El paso final de la tecnología es la producción, a escala de laboratorio y, posteriormente, a escala industrial, una fase que la empresa aún no ha alcanzado. De cualquier modo. Lourenzoni explica que ese proceso se divide en dos etapas: la primera consistente en la producción propiamente dicha en fermentadores, y la segunda, denominada downstream, que es la de la separación y purificación de la enzima.

Las bases de la transformación
La biotecnología inicialmente fue desarrollada en la tesis doctoral de Roberto Ruller, dirigida por el profesor Richard John Ward, del Departamento de Química de la FFCLRP. Al finalizar su propio doctorado, Lourenzoni trabajó en una empresa de base tecnológica, en la cual fue ubicado por Ward, quien quería saber si esa empresa se interesaría por la tecnología. Como el enfoque de ella era la tecnología de la información, la idea no fue aceptada. “Entonces, en 2006, decidimos fundar otra firma para transformar la investigación realizada por Ruller y Ward en tecnología”, relata Lourenzoni.
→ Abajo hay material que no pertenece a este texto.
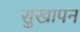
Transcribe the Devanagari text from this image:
सुखापन
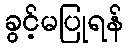
ခွင့်မပြုရန်
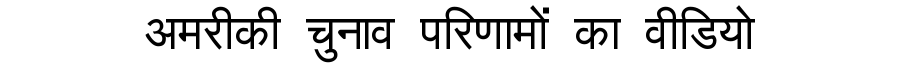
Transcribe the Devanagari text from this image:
अमरीकी चुनाव परिणामों का वीडियो
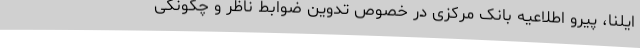
ایلنا، پیرو اطلاعیه بانک مرکزی در خصوص تدوین ضوابط ناظر و چگونگی
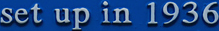
set up in 1936
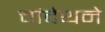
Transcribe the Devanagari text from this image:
चांदेथने
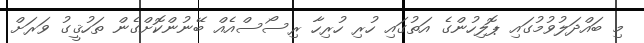
މި ބައްދަލުވުމުގައި ޕޮލިހުންގެ އަތުގައި ހުރި ހުރިހާ ރިސޯސްއެއް ބޭނުންކޮށްގެން ތަހުޤީގު ވަރަށް
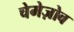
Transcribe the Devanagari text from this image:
चेमेज़ोव
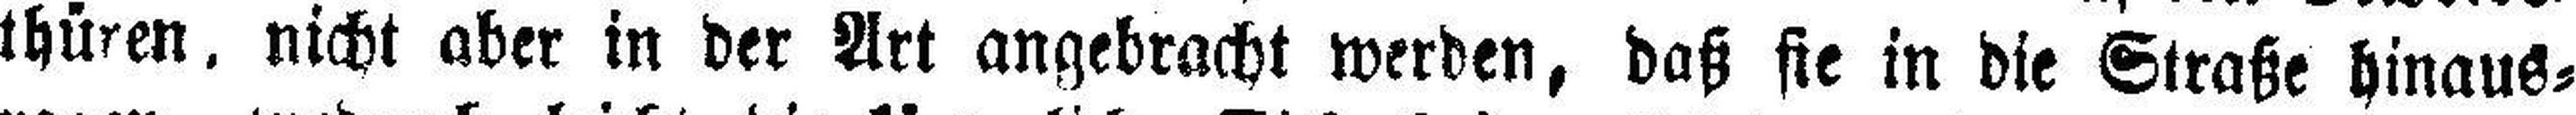
thüren, nicht aber in der Art angebracht werden, daß sie in die Straße hinaus¬
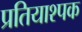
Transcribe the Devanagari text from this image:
प्रतियाश्पक
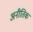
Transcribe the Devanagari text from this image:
अनीतिक
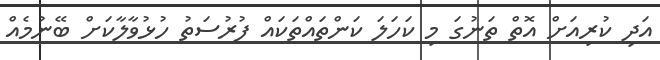
އަދި ކުރިއަށް އޮތް ތަނުގަ މި ކަހަލަ ކަންތައްތަކައް ފުރުސަތު ހުޅުވާލާކަށް ބޭނުމެއް
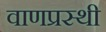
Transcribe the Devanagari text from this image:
वाणप्रस्थी
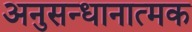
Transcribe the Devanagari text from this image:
अनुसन्धानात्मक
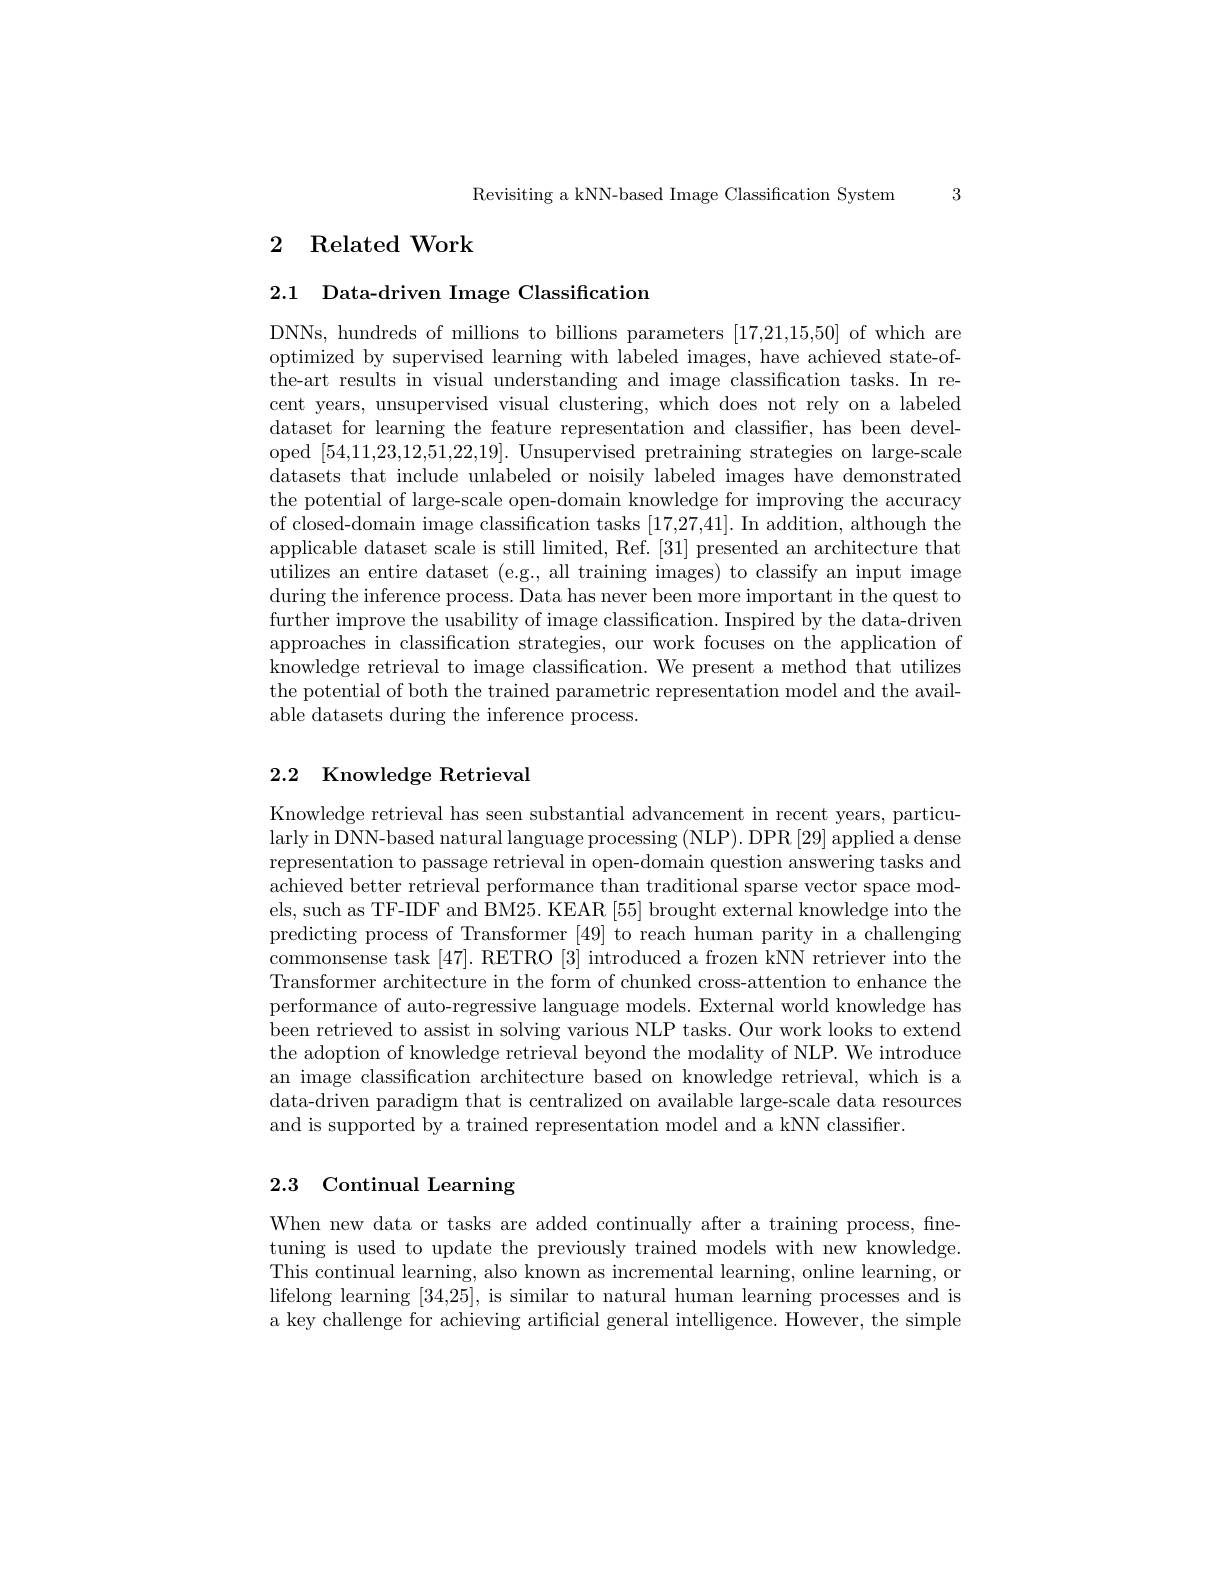
Revisiting a kNN-based Image Classification System 3

## 2 Related Work

2.1 Data-driven Image Classification

DNNs, hundreds of millions to billions parameters [17,21,15,50] of which are optimized by supervised learning with labeled images, have achieved state-ofthe-art results in visual understanding and image classification tasks. In recent years, unsupervised visual clustering, which does not rely on a labeled dataset for learning the feature representation and classifier, has been developed [54,11,23,12,51,22,19]. Unsupervised pretraining strategies on large-scale datasets that include unlabeled or noisily labeled images have demonstrated the potential of large-scale open-domain knowledge for improving the accuracy of closed-domain image classification tasks [17,27,41]. In addition, although the applicable dataset scale is still limited, Ref. [31] presented an architecture that utilizes an entire dataset (e.g., all training images) to classify an input image during the inference process. Data has never been more important in the quest to further improve the usability of image classification. Inspired by the data-driven approaches in classification strategies, our work focuses on the application of knowledge retrieval to image classification. We present a method that utilizes the potential of both the trained parametric representation model and the available datasets during the inference process.

## 2.2 Knowledge Retrieval

Knowledge retrieval has seen substantial advancement in recent years, particularly in DNN-based natural language processing (NLP). DPR [29] applied a dense representation to passage retrieval in open-domain question answering tasks and achieved better retrieval performance than traditional sparse vector space models, such as TF-IDF and BM25. KEAR [55] brought external knowledge into the predicting process of Transformer [49] to reach human parity in a challenging commonsense task [47]. RETRO [3] introduced a frozen kNN retriever into the Transformer architecture in the form of chunked cross-attention to enhance the performance of auto-regressive language models. External world knowledge has been retrieved to assist in solving various NLP tasks. Our work looks to extend the adoption of knowledge retrieval beyond the modality of NLP. We introduce an image classification architecture based on knowledge retrieval, which is a data-driven paradigm that is centralized on available large-scale data resources and is supported by a trained representation model and a kNN classifier.

# 2.3 Continual Learning

When new data or tasks are added continually after a training process, finetuning is used to update the previously trained models with new knowledge. This continual learning, also known as incremental learning, online learning, or lifelong learning [34,25], is similar to natural human learning processes and is a key challenge for achieving artificial general intelligence. However, the simple

En aquella época, Verdartis participó en concursos de planes de negocios organizados por Supera, la Incubadora de Empresas de Base Tecnológica, creada en 2003, mediante una cooperación entre la USP, la Fundación Instituto Polo Avanzado en Salud (Fipase), la Municipalidad de Ribeirão Preto y el Sebrae. “Ganamos el concurso en 2007, y uno de los premios fue el derecho a contar con una oficina en la incubadora, que era muy pequeña y su espacio, muy disputado”, recuerda el director de Verdartis. “De esa manera, la empresa se creó en junio de ese mismo año, cuando solicitamos un proyecto Pipe, del cual fui coordinador”.
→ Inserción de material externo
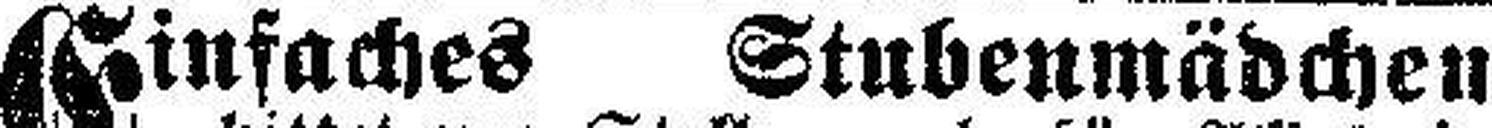
Einfaches Stubenmädchen
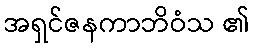
အရှင်ဇနကာဘိဝံသ ၏
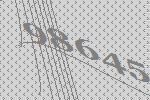
98645
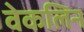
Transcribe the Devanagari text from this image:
वेकलिन
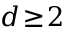
d \! \geq \! 2
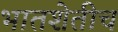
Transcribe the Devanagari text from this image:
भातशेतीच
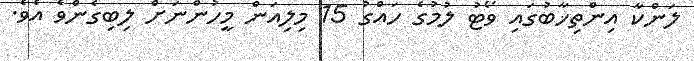
ލަންކާ އިންތިޚާބުގައި ވޯޓު ލުމުގެ ހައްގު 15 މިލިއަން މީހުންނަށް ލިބިގެންވެ އެވެ.
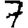
Digit: 7
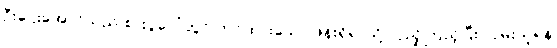
ဦးဌေးအောင်သည် စားပွဲပေါ်တွင် တင်ထားသော ဖုန်းရှိရာသို့ လှည့်ကြည့်ပြီး လှမ်းယူရန်
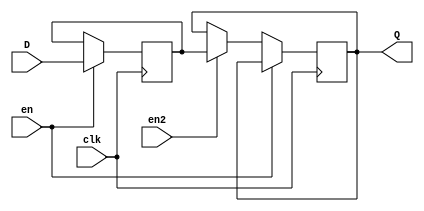
module multi_reg(D, Q, clk, en, en2);
    input clk, en, en2;
    input [3:0] D;
    output [3:0] Q;
    reg [3:0] d2;

    always @(posedge clk)
        if (en)
            d2 <= D;
        else if (en2)
            Q <= d2;

endmodule

La financiación de la FAPESP hizo posible que la empresa avanzara en el desarrollo de tecnologías a partir de lo que se transfirió desde el laboratorio de Ward. Le siguieron otros proyectos aprobados por el Pipe. El segundo, aprobado en 2009, fue para el desarrollo del biproceso para la producción de enzimas. Todavía en ese mismo año, Verdartis contó con un tercer proyecto aprobado en la FAPESP, en esta ocasión, un Pipe para la creación del software como auxiliar para el desarrollo de catalizadores in silico (en computadora). La empresa también recibe recursos de la Financiadora de Estudios y Proyectos (Finep) y de dos socios particulares.

En 2011, comenzó el cuarto Pipe, el cual se encuentra en vigencia, con el objetivo de mejorar la eficiencia catalítica de las enzimas, en altas temperaturas y con  pH  entre 8 y 10. En 2012, Verdartis aprobó en la disposición Pipe-III, su quinto proyecto, para desarrollar parte del escalonamiento del biproceso de producción de enzimas. Este proyecto está siendo apoyado por las empresas Suzano Papel e Celulose S/A, que tienen interés en ese desarrollo. El próximo paso consistirá en construir una fábrica con capacidad para la producción de cualquier catalizador, por medio de la fermentación de cualquier microorganismo. Para montarla, Verdartis se encuentra en tratativas con algunos posibles socios inversores.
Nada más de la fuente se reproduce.